* AIM OF THE TASK *
Output each entry verbatim and exclude every picture from it.

Stored dataset items:
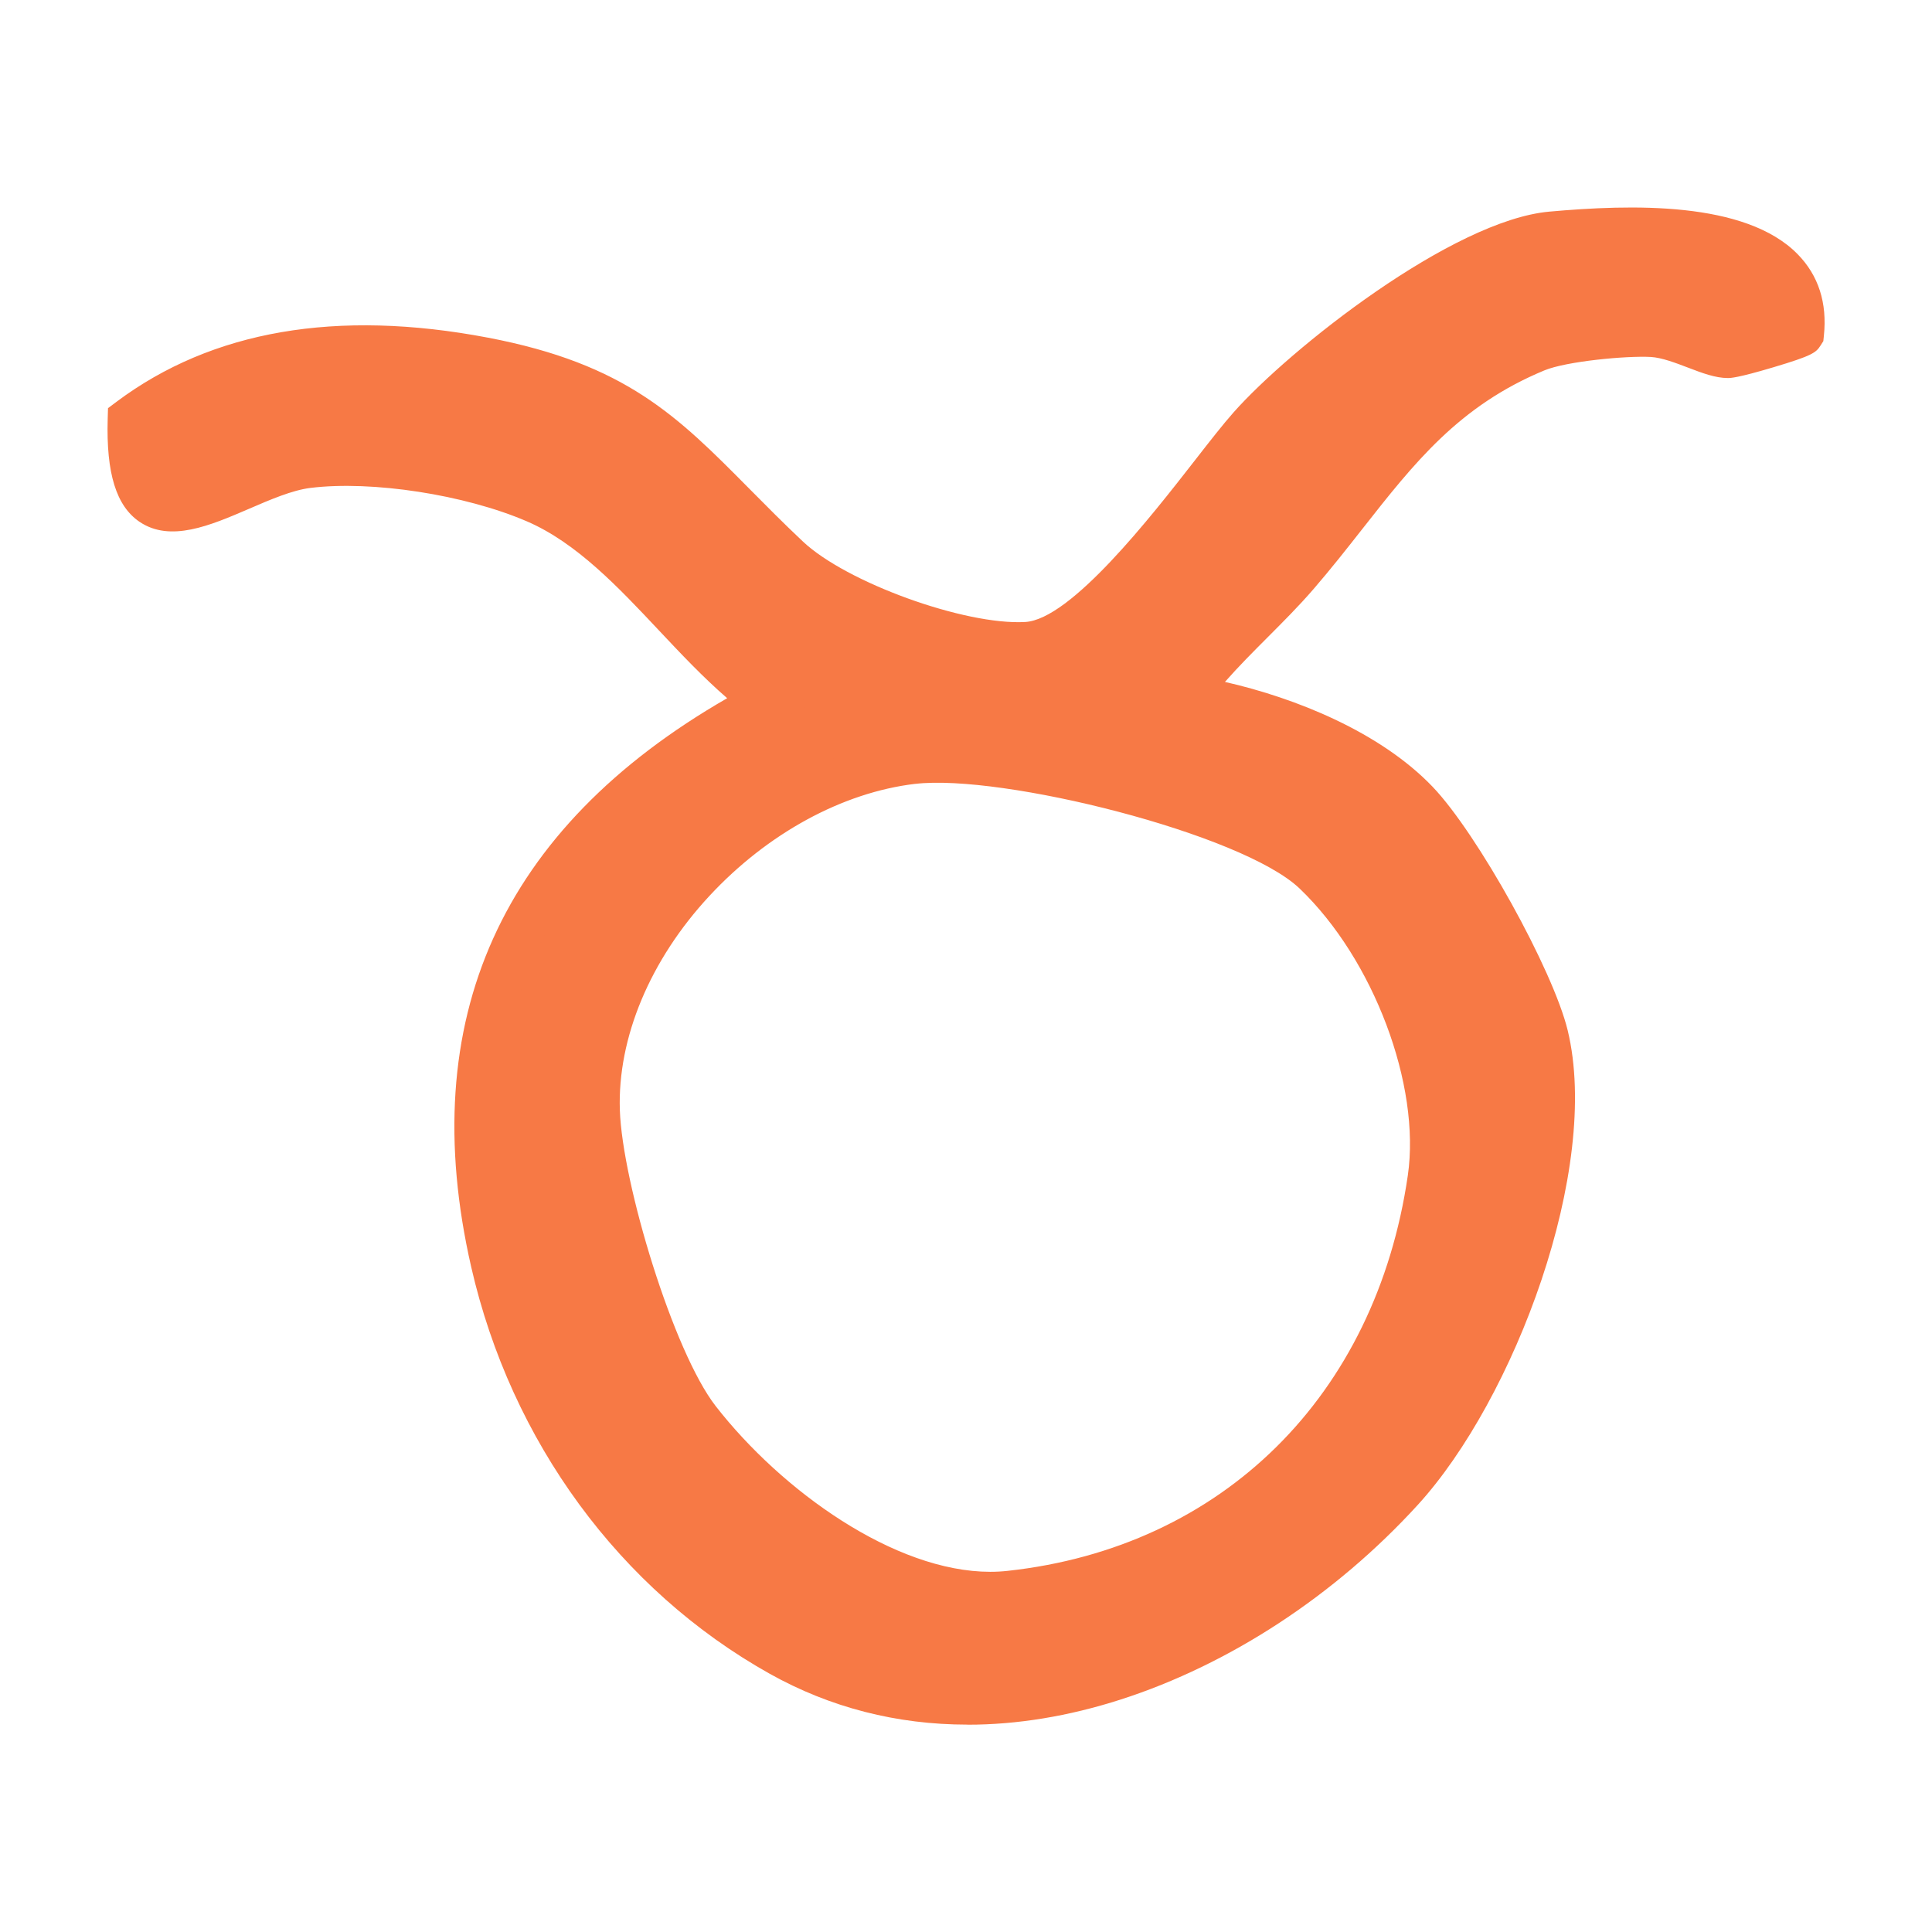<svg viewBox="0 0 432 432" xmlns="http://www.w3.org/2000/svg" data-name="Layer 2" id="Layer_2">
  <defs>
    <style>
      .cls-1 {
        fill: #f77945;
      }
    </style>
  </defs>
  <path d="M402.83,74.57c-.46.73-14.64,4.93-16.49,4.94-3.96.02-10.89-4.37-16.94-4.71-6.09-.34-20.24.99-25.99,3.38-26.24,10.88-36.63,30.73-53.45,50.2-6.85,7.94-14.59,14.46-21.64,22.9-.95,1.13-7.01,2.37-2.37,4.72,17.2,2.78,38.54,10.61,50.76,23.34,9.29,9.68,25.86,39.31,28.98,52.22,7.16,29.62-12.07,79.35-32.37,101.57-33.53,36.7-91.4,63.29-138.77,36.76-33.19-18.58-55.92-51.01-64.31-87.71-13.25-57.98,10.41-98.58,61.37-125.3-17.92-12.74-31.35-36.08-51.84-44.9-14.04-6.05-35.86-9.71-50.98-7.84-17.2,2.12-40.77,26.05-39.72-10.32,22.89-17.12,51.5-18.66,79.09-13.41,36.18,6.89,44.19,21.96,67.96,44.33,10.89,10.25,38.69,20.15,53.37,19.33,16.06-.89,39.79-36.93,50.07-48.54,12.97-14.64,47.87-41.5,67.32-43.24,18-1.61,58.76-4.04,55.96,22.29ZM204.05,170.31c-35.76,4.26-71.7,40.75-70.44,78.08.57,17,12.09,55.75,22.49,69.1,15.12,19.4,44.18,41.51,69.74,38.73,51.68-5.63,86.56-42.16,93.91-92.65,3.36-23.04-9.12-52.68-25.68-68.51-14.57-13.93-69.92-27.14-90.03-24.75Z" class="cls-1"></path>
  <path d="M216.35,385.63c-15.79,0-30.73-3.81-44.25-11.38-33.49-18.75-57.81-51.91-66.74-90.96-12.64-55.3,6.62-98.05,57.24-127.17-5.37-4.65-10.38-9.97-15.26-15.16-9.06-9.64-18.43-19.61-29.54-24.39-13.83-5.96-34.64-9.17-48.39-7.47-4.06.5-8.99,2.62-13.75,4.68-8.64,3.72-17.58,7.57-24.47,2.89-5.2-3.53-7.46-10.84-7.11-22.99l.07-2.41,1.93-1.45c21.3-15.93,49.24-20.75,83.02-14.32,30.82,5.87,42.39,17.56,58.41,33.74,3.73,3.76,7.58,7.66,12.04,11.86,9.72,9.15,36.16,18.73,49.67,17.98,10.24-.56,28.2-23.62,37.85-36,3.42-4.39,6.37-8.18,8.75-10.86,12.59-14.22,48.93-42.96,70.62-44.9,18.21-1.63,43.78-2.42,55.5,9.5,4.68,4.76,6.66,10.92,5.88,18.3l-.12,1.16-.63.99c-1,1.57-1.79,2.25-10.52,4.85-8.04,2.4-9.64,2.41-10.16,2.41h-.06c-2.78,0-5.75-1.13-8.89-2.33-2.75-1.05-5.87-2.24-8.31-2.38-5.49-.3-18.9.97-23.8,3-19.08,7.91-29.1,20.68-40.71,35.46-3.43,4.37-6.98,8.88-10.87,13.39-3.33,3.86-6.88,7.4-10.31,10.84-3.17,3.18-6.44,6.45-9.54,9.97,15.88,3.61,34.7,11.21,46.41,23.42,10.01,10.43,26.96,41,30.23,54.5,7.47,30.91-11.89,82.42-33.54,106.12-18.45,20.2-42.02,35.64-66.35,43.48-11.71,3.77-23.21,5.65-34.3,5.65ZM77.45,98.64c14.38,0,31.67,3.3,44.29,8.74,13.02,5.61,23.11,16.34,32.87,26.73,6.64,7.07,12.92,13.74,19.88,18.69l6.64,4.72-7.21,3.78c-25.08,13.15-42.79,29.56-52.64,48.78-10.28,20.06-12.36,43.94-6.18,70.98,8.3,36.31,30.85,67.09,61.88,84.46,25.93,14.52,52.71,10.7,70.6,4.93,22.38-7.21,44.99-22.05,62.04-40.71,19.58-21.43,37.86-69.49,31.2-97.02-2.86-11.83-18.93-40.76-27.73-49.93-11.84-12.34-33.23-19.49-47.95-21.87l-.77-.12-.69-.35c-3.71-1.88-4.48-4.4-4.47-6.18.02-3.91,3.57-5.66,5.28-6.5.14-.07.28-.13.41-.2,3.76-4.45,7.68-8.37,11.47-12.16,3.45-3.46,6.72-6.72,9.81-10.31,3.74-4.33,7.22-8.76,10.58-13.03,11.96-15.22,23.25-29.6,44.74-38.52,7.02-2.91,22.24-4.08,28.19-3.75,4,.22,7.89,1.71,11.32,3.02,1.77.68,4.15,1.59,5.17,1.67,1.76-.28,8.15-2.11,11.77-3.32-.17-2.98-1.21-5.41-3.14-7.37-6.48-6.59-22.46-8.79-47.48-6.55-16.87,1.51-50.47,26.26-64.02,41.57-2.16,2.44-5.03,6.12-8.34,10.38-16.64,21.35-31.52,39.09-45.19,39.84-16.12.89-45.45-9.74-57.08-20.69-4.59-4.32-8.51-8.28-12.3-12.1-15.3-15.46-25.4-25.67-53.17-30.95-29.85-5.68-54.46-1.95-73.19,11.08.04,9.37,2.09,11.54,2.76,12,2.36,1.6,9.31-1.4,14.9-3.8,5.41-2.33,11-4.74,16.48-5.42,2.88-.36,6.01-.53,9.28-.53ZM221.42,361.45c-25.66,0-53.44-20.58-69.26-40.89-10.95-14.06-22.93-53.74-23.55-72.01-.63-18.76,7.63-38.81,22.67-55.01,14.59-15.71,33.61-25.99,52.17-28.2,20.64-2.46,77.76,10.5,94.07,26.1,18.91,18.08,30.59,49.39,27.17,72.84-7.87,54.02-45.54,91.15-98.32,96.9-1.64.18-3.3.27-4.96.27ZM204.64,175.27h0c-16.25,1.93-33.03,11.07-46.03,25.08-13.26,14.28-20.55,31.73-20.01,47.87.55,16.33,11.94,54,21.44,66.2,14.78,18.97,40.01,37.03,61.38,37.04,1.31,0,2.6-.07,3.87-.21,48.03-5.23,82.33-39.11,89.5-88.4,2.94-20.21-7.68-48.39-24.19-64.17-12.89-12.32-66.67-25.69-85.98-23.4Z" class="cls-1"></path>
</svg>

* WRITTEN REPLY *
<svg viewBox="0 0 432 432" xmlns="http://www.w3.org/2000/svg" data-name="Layer 2" id="Layer_2">
  <defs>
    <style>
      .cls-1 {
        fill: #f77945;
      }
    </style>
  </defs>
  <path d="M402.83,74.57c-.46.73-14.64,4.93-16.49,4.94-3.96.02-10.89-4.37-16.94-4.71-6.09-.34-20.24.99-25.99,3.38-26.24,10.88-36.63,30.73-53.45,50.2-6.85,7.94-14.59,14.46-21.64,22.9-.95,1.13-7.01,2.37-2.37,4.72,17.2,2.78,38.54,10.61,50.76,23.34,9.29,9.68,25.86,39.31,28.98,52.22,7.16,29.62-12.07,79.35-32.37,101.57-33.53,36.7-91.4,63.29-138.77,36.76-33.19-18.58-55.92-51.01-64.31-87.71-13.25-57.98,10.41-98.58,61.37-125.3-17.92-12.74-31.35-36.08-51.84-44.9-14.04-6.05-35.86-9.71-50.98-7.84-17.2,2.12-40.77,26.05-39.72-10.32,22.89-17.12,51.5-18.66,79.09-13.41,36.18,6.89,44.19,21.96,67.96,44.33,10.89,10.25,38.69,20.15,53.37,19.33,16.06-.89,39.79-36.93,50.07-48.54,12.97-14.64,47.87-41.5,67.32-43.24,18-1.61,58.76-4.04,55.96,22.29ZM204.05,170.31c-35.76,4.26-71.7,40.75-70.44,78.08.57,17,12.09,55.75,22.49,69.1,15.12,19.4,44.18,41.51,69.74,38.73,51.68-5.63,86.56-42.16,93.91-92.65,3.36-23.04-9.12-52.68-25.68-68.51-14.57-13.93-69.92-27.14-90.03-24.75Z" class="cls-1"></path>
  <path d="M216.35,385.63c-15.79,0-30.73-3.81-44.25-11.38-33.49-18.75-57.81-51.91-66.74-90.96-12.64-55.3,6.62-98.05,57.24-127.17-5.37-4.65-10.38-9.97-15.26-15.16-9.06-9.64-18.43-19.61-29.54-24.39-13.83-5.96-34.64-9.17-48.39-7.47-4.06.5-8.99,2.62-13.75,4.68-8.64,3.72-17.58,7.57-24.47,2.89-5.2-3.53-7.46-10.84-7.11-22.99l.07-2.41,1.93-1.45c21.3-15.93,49.24-20.75,83.02-14.32,30.82,5.87,42.39,17.56,58.41,33.74,3.73,3.76,7.58,7.66,12.04,11.86,9.72,9.15,36.16,18.73,49.67,17.98,10.24-.56,28.2-23.62,37.85-36,3.42-4.39,6.37-8.18,8.75-10.86,12.59-14.22,48.93-42.96,70.62-44.9,18.21-1.63,43.78-2.42,55.5,9.5,4.68,4.76,6.66,10.92,5.88,18.3l-.12,1.16-.63.99c-1,1.57-1.79,2.25-10.52,4.85-8.04,2.4-9.64,2.41-10.16,2.41h-.06c-2.78,0-5.75-1.13-8.89-2.33-2.75-1.05-5.87-2.24-8.31-2.38-5.49-.3-18.9.97-23.8,3-19.08,7.91-29.1,20.68-40.71,35.46-3.43,4.37-6.98,8.88-10.87,13.39-3.33,3.86-6.88,7.4-10.31,10.84-3.17,3.18-6.44,6.45-9.54,9.97,15.88,3.61,34.7,11.21,46.41,23.42,10.01,10.43,26.96,41,30.23,54.5,7.47,30.91-11.89,82.42-33.54,106.12-18.45,20.2-42.02,35.64-66.35,43.48-11.71,3.77-23.21,5.65-34.3,5.65ZM77.45,98.64c14.38,0,31.67,3.3,44.29,8.74,13.02,5.61,23.11,16.34,32.87,26.73,6.64,7.07,12.92,13.74,19.88,18.69l6.64,4.72-7.21,3.78c-25.08,13.15-42.79,29.56-52.64,48.78-10.28,20.06-12.36,43.94-6.18,70.98,8.3,36.31,30.85,67.09,61.88,84.46,25.93,14.52,52.71,10.7,70.6,4.93,22.38-7.21,44.99-22.05,62.04-40.71,19.58-21.43,37.86-69.49,31.2-97.02-2.86-11.83-18.93-40.76-27.73-49.93-11.84-12.34-33.23-19.49-47.95-21.87l-.77-.12-.69-.35c-3.71-1.88-4.48-4.4-4.47-6.18.02-3.91,3.57-5.66,5.28-6.5.14-.07.28-.13.41-.2,3.76-4.45,7.68-8.37,11.47-12.16,3.45-3.46,6.72-6.72,9.81-10.31,3.74-4.33,7.22-8.76,10.58-13.03,11.96-15.22,23.25-29.6,44.74-38.52,7.02-2.91,22.24-4.08,28.19-3.75,4,.22,7.89,1.71,11.32,3.02,1.77.68,4.15,1.59,5.17,1.67,1.76-.28,8.15-2.11,11.77-3.32-.17-2.98-1.21-5.41-3.14-7.37-6.48-6.59-22.46-8.79-47.48-6.55-16.87,1.51-50.47,26.26-64.02,41.57-2.16,2.44-5.03,6.12-8.34,10.38-16.64,21.35-31.52,39.09-45.19,39.84-16.12.89-45.45-9.74-57.08-20.69-4.59-4.32-8.51-8.28-12.3-12.1-15.3-15.46-25.4-25.67-53.17-30.95-29.85-5.68-54.46-1.95-73.19,11.08.04,9.37,2.09,11.54,2.76,12,2.36,1.6,9.31-1.4,14.9-3.8,5.41-2.33,11-4.74,16.48-5.42,2.88-.36,6.01-.53,9.28-.53ZM221.42,361.45c-25.66,0-53.44-20.58-69.26-40.89-10.95-14.06-22.93-53.74-23.55-72.01-.63-18.76,7.63-38.81,22.67-55.01,14.59-15.71,33.61-25.99,52.17-28.2,20.64-2.46,77.76,10.5,94.07,26.1,18.91,18.08,30.59,49.39,27.17,72.84-7.87,54.02-45.54,91.15-98.32,96.9-1.64.18-3.3.27-4.96.27ZM204.64,175.27h0c-16.25,1.93-33.03,11.07-46.03,25.08-13.26,14.28-20.55,31.73-20.01,47.87.55,16.33,11.94,54,21.44,66.2,14.78,18.97,40.01,37.03,61.38,37.04,1.31,0,2.6-.07,3.87-.21,48.03-5.23,82.33-39.11,89.5-88.4,2.94-20.21-7.68-48.39-24.19-64.17-12.89-12.32-66.67-25.69-85.98-23.4Z" class="cls-1"></path>
</svg>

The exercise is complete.